◆ **What to work on**
All the entries that follow must be written out again exactly.

════════════════

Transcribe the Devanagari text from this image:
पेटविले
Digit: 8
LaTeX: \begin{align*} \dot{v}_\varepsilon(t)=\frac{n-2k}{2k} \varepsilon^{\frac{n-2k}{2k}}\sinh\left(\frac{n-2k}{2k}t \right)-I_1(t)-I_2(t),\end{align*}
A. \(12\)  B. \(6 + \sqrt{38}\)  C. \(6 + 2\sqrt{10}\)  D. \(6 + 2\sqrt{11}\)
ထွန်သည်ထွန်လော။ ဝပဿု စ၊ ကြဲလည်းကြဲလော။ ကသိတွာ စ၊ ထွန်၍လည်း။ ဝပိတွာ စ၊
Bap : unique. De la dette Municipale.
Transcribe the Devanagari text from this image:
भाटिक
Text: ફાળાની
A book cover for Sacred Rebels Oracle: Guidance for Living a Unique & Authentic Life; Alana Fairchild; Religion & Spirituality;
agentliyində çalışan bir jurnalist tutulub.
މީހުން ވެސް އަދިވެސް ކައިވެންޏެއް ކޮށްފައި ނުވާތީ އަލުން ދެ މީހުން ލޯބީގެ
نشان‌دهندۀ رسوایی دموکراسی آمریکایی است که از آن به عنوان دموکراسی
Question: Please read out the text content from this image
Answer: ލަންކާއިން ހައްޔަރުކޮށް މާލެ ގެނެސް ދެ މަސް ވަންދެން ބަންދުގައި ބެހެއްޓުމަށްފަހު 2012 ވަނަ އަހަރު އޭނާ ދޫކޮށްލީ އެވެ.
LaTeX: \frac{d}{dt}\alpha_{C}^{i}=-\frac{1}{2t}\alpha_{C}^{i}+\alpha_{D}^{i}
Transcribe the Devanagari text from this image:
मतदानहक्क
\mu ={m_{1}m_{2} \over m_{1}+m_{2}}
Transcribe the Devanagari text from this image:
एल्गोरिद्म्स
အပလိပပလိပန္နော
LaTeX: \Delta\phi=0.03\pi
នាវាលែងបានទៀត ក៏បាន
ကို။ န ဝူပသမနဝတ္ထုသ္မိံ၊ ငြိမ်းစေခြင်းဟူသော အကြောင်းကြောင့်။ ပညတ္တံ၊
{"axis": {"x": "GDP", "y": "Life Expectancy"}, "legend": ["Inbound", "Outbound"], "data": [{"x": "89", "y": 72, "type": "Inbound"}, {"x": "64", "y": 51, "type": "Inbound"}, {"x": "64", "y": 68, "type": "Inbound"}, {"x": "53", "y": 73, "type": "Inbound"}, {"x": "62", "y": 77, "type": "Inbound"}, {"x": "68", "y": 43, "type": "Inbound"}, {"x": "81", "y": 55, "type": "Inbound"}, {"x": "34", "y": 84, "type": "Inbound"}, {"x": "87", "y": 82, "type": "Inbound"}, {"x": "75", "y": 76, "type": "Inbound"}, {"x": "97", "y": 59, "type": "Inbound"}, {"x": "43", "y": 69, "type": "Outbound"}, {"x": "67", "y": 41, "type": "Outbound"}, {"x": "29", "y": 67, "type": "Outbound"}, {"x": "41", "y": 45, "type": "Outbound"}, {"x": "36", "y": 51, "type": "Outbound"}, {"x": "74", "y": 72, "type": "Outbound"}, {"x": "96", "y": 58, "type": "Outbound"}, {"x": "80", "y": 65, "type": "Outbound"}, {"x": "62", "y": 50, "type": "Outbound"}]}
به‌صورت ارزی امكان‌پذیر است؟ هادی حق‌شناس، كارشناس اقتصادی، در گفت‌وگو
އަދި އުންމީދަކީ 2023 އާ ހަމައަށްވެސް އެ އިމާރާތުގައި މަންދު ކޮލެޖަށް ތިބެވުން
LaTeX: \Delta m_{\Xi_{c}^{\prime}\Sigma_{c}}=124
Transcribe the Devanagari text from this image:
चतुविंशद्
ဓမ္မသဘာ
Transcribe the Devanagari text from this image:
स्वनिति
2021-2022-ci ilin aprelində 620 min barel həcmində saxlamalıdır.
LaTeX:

════════════════

◆ **Response box**
Transcribe the Devanagari text from this image:
पेटविले
Digit: 8
LaTeX: \begin{align*} \dot{v}_\varepsilon(t)=\frac{n-2k}{2k} \varepsilon^{\frac{n-2k}{2k}}\sinh\left(\frac{n-2k}{2k}t \right)-I_1(t)-I_2(t),\end{align*}
A. \(12\)  B. \(6 + \sqrt{38}\)  C. \(6 + 2\sqrt{10}\)  D. \(6 + 2\sqrt{11}\)
ထွန်သည်ထွန်လော။ ဝပဿု စ၊ ကြဲလည်းကြဲလော။ ကသိတွာ စ၊ ထွန်၍လည်း။ ဝပိတွာ စ၊
Bap : unique. De la dette Municipale.
Transcribe the Devanagari text from this image:
भाटिक
Text: ફાળાની
A book cover for Sacred Rebels Oracle: Guidance for Living a Unique & Authentic Life; Alana Fairchild; Religion & Spirituality;
agentliyində çalışan bir jurnalist tutulub.
މީހުން ވެސް އަދިވެސް ކައިވެންޏެއް ކޮށްފައި ނުވާތީ އަލުން ދެ މީހުން ލޯބީގެ
نشان‌دهندۀ رسوایی دموکراسی آمریکایی است که از آن به عنوان دموکراسی
Question: Please read out the text content from this image
Answer: ލަންކާއިން ހައްޔަރުކޮށް މާލެ ގެނެސް ދެ މަސް ވަންދެން ބަންދުގައި ބެހެއްޓުމަށްފަހު 2012 ވަނަ އަހަރު އޭނާ ދޫކޮށްލީ އެވެ.
LaTeX: \frac{d}{dt}\alpha_{C}^{i}=-\frac{1}{2t}\alpha_{C}^{i}+\alpha_{D}^{i}
Transcribe the Devanagari text from this image:
मतदानहक्क
\mu ={m_{1}m_{2} \over m_{1}+m_{2}}
Transcribe the Devanagari text from this image:
एल्गोरिद्म्स
အပလိပပလိပန္နော
LaTeX: \Delta\phi=0.03\pi
នាវាលែងបានទៀត ក៏បាន
ကို။ န ဝူပသမနဝတ္ထုသ္မိံ၊ ငြိမ်းစေခြင်းဟူသော အကြောင်းကြောင့်။ ပညတ္တံ၊
{"axis": {"x": "GDP", "y": "Life Expectancy"}, "legend": ["Inbound", "Outbound"], "data": [{"x": "89", "y": 72, "type": "Inbound"}, {"x": "64", "y": 51, "type": "Inbound"}, {"x": "64", "y": 68, "type": "Inbound"}, {"x": "53", "y": 73, "type": "Inbound"}, {"x": "62", "y": 77, "type": "Inbound"}, {"x": "68", "y": 43, "type": "Inbound"}, {"x": "81", "y": 55, "type": "Inbound"}, {"x": "34", "y": 84, "type": "Inbound"}, {"x": "87", "y": 82, "type": "Inbound"}, {"x": "75", "y": 76, "type": "Inbound"}, {"x": "97", "y": 59, "type": "Inbound"}, {"x": "43", "y": 69, "type": "Outbound"}, {"x": "67", "y": 41, "type": "Outbound"}, {"x": "29", "y": 67, "type": "Outbound"}, {"x": "41", "y": 45, "type": "Outbound"}, {"x": "36", "y": 51, "type": "Outbound"}, {"x": "74", "y": 72, "type": "Outbound"}, {"x": "96", "y": 58, "type": "Outbound"}, {"x": "80", "y": 65, "type": "Outbound"}, {"x": "62", "y": 50, "type": "Outbound"}]}
به‌صورت ارزی امكان‌پذیر است؟ هادی حق‌شناس، كارشناس اقتصادی، در گفت‌وگو
އަދި އުންމީދަކީ 2023 އާ ހަމައަށްވެސް އެ އިމާރާތުގައި މަންދު ކޮލެޖަށް ތިބެވުން
LaTeX: \Delta m_{\Xi_{c}^{\prime}\Sigma_{c}}=124
Transcribe the Devanagari text from this image:
चतुविंशद्
ဓမ္မသဘာ
Transcribe the Devanagari text from this image:
स्वनिति
2021-2022-ci ilin aprelində 620 min barel həcmində saxlamalıdır.
LaTeX:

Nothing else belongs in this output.